FDA to Rule on Testing New Drug for Chronic Lyme
Stamford, CT (PRWEB) April 02, 2012
Researchers led by Time for Lyme grantee, M. Karen Newell-Rogers, Ph.D, have submitted a pre-IND briefing document to the US Food and Drug Administration, a preliminary step toward developing proposals for clinical testing of a new drug that could one day end the suffering of those with chronic, or long-term Lyme disease.
“To our knowledge this is the first novel drug candidate that has been proposed for study in the treatment of chronic Lyme Disease post-infection in some time,” said a representative of Viral Genetics, that submitted the proposal for its drug candidate, VGV-L, to the FDA. A response is expected in April.

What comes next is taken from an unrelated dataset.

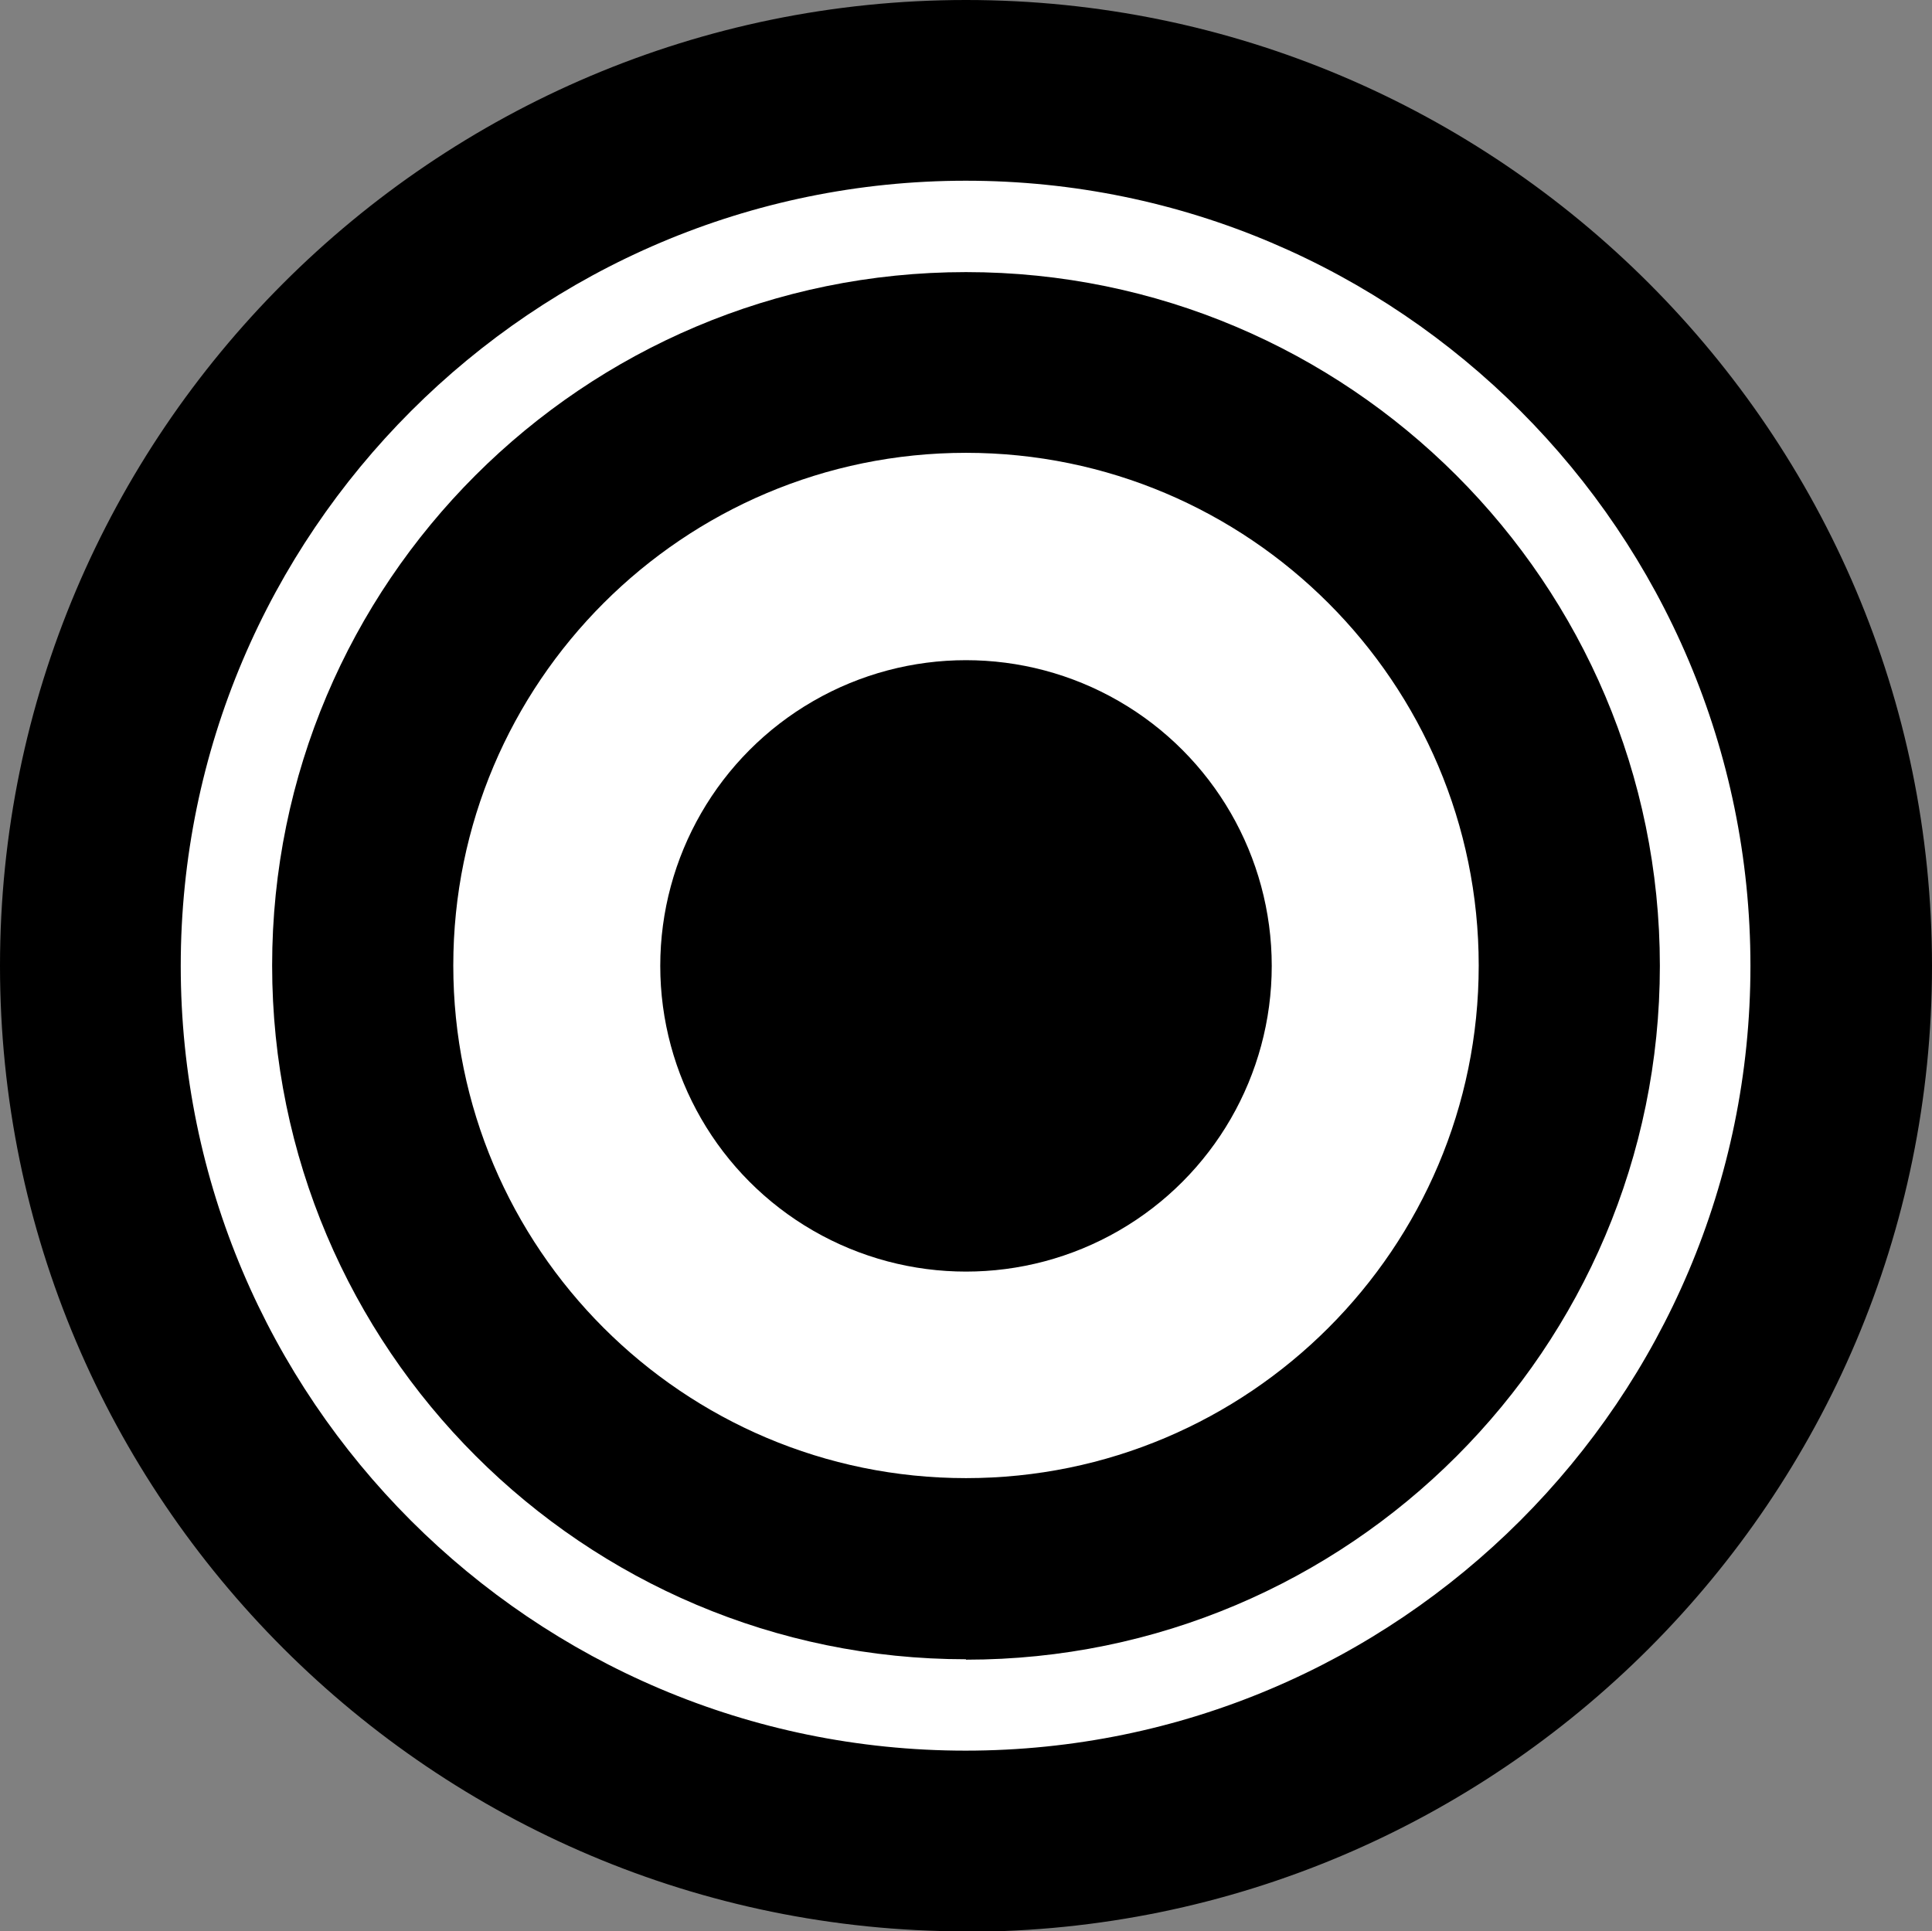 <?xml version="1.0" encoding="UTF-8"?><svg id="Layer_2" xmlns="http://www.w3.org/2000/svg" viewBox="0 0 47.14 47.13"><rect x="0" y="0" width="47.14" height="47.13" fill="#808080" stroke="none"/><defs><style>.cls-1{fill:#fff;}</style></defs><g id="Layer_1-2"><g><g><circle class="cls-1" cx="23.57" cy="23.57" r="21.36"/><path d="M23.57,47.13C10.57,47.13,0,36.56,0,23.57S10.57,0,23.57,0s23.57,10.57,23.57,23.57-10.57,23.57-23.57,23.57Zm0-42.72C13.01,4.41,4.41,13.01,4.41,23.57s8.59,19.15,19.15,19.15,19.15-8.59,19.15-19.15S34.13,4.41,23.57,4.41Z"/></g><circle cx="23.57" cy="23.57" r="7.46"/><path d="M23.57,40.49c-9.33,0-16.93-7.59-16.93-16.93S14.23,6.64,23.57,6.64s16.93,7.59,16.93,16.93-7.59,16.93-16.93,16.93Zm0-29.44c-6.9,0-12.51,5.61-12.51,12.51s5.61,12.51,12.51,12.51,12.51-5.61,12.51-12.51-5.61-12.51-12.51-12.51Z"/></g></g></svg>

Tests led by Dr. Newell-Rogers, a professor at Texas A&M Health Science Center College of Medicine and Scott & White Hospital, and a scientific advisor to Viral Genetics, have been conducted for over two and a half years. The results were submitted this month to the FDA, along with a protocol for a proposed human clinical trial designed under the guidance of a leading Lyme clinician at one of the nation’s top medical centers. Testing to date was conducted by Dr. Newell-Rogers with significant contributions from other clinicians at the University of Colorado, Texas A&M Health Science Center and Scott & White Hospital in Texas.
Prior research had established the insight that certain immune characteristics may contribute to whether a person is susceptible or resistant to the development of chronic inflammation as a result of infection. Dr. Newell-Rogers theory proposes a “targeted” peptide to replace or remove the self-peptides and restore a healthy immune response in patients.
Much of the funding for the pre-clinical studies leading to the FDA filing was provided by Time for Lyme, acting in concert with Richard Gerstner, the ex-IBM Executive VP who saw the potential applicability of Dr. Newell’s work, to Lyme disease.